The question before the Supreme Court is this: What level of educational benefit is required to meet the law’s requirement that a school district provide a child with a disability a ‘free appropriate public education’ (FAPE)?  The school district argued that the district court and the Tenth Circuit had ruled correctly in applying a standard that only required the school to provide minimal educational benefit to a student with a disability.  Attorney Neal Katyal, representing the school district, acknowledged that significant changes were made to the IDEA with the 1997 and 2004 amendments.  But, he argued, the amendments did not change the standard for a FAPE established in 1982 when the Supreme Court decided its first special education case, Board of Education v. Rowley.  In Rowley the Court held that school districts are not required to provide a child with the best or optimal education, but they must provide the child with “some educational benefit.”  Mr. Katyal argued that even minimal educational benefit is “some” benefit, and thus is all that is required.  The Justices, however, did not appear to accept that argument.  Chief Justice Roberts stated “Rowley just doesn’t say ‘some benefit.’ It tells you what it is. And it’s enough benefit to keep track with grade progress. And if that’s what the standard is, that’s certainly more than…de minimis.”  Justice Kagan, responding to Mr. Katyal, noted “your substantive standard is so low, is so easy to meet.”  Justice Ginsburg asked Mr. Katyal whether he would agree that “the courts should say that the formulation ‘more than de minimis’ sets the level too low.”  Mr. Katyal declined to agree. Chief Justice Roberts stated further “the whole package has got to be enough to allow the student to keep up with his peers.” Justice Sotomayor noted that Endrew had made significant progress in his private school whereas the progress he had made in the public program was “barely de minimis.

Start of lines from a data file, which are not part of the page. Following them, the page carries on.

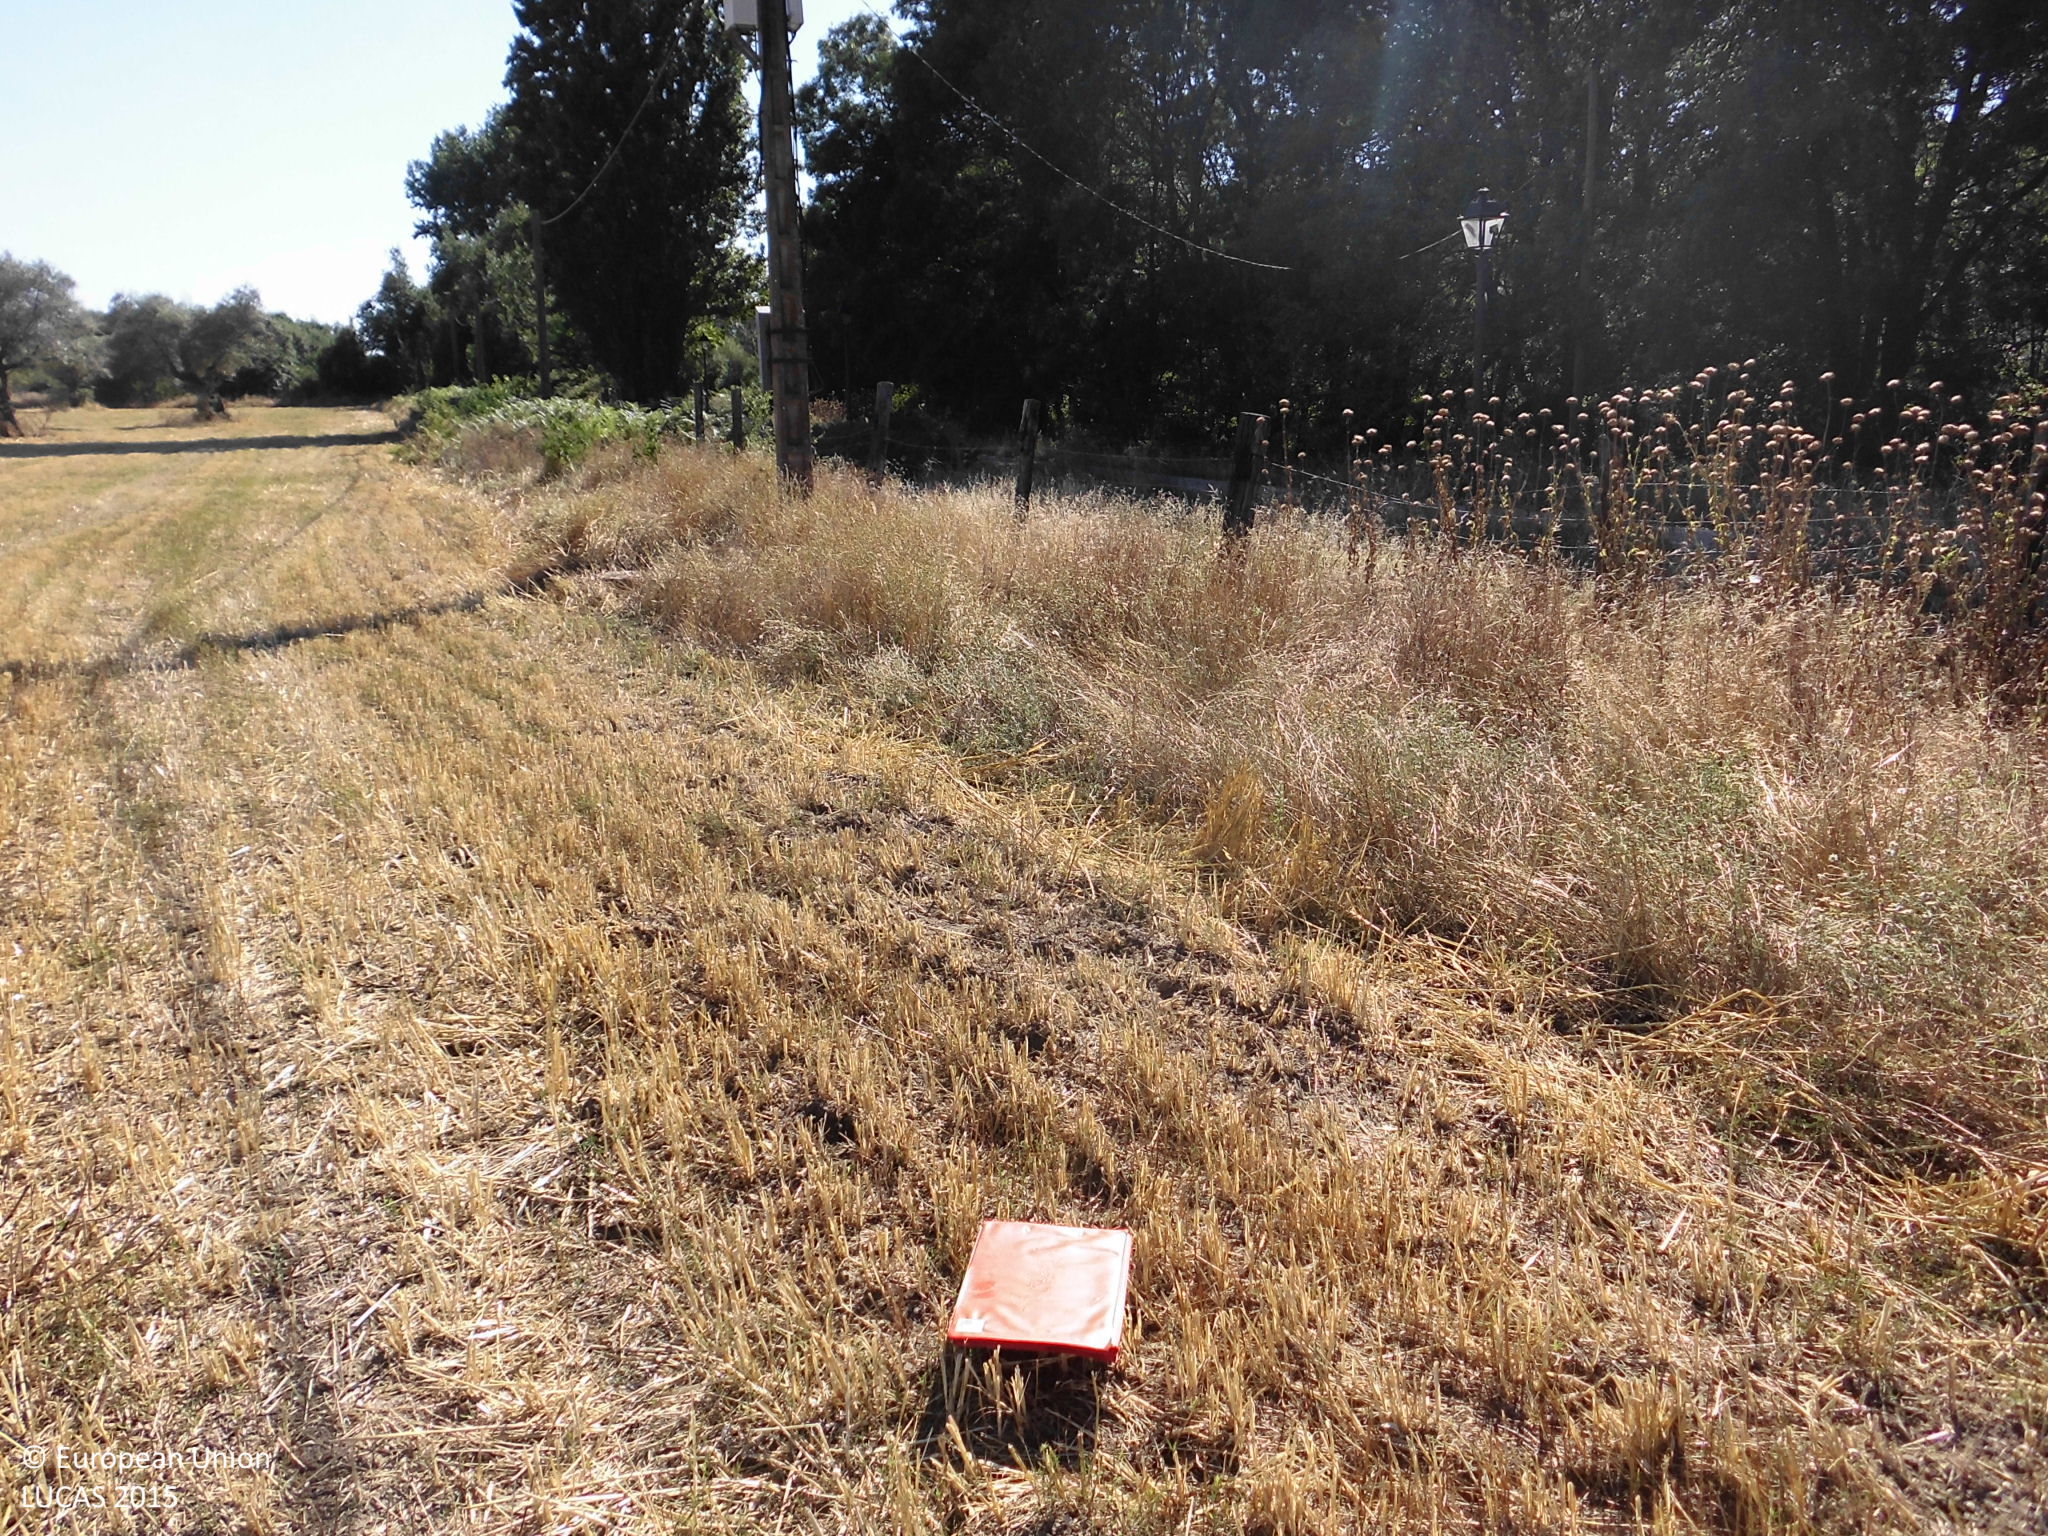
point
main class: Cropland
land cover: Oats
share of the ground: 50 - 75 %
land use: Agriculture (excluding fallow land and kitchen gardens)
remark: Harvested field
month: June
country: ES
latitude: 40.0373
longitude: -6.0685

Endrew and his parents were represented by Jeffrey Fisher.  Mr. Fisher urged the Court to adopt a standard that would require school districts to “provide instruction and related services to the child that are reasonably calculated to provide substantially equal educational opportunities.”  Justice Ginsburg noted that that was the standard the Court was asked to adopt in Rowley but was rejected, and inquired why the Court should adopt it now.  Mr. Fisher noted that the amendments to the Act since the Rowley decision supported this standard.  The first iteration of the law did not address the progress of students with disabilities in the general educational curriculum.  However, as the Chief Justice pointed out, in accord with the amendments to the Act, progress in grade level curriculum is now a requirement of the Act to the extent a child is capable of such progress. Mr. Fisher pointed out that in its findings, Congress used the term “substantial educational opportunity” to “encapsulate what is required” of a student’s IEP.  Justice Breyer noted the difficulty of establishing a new standard which courts subsequently could interpret differently.  Mr. Fisher attempted to address Justice Breyer’s concerns stating “it would be fine if the Court decided that the IEP should be tailored to achieve in a general educational curriculum at grade level for most kids,” and when that is not possible to use the alternate achievement standards described in the law.  Justice Kagan questioned how a standard of equal educational benefit could be applied to children who are incapable of achieving at grade level. Mr. Fisher responded that for some students the “alternate benchmarks… that are the highest possible achievable for the student” would be appropriate.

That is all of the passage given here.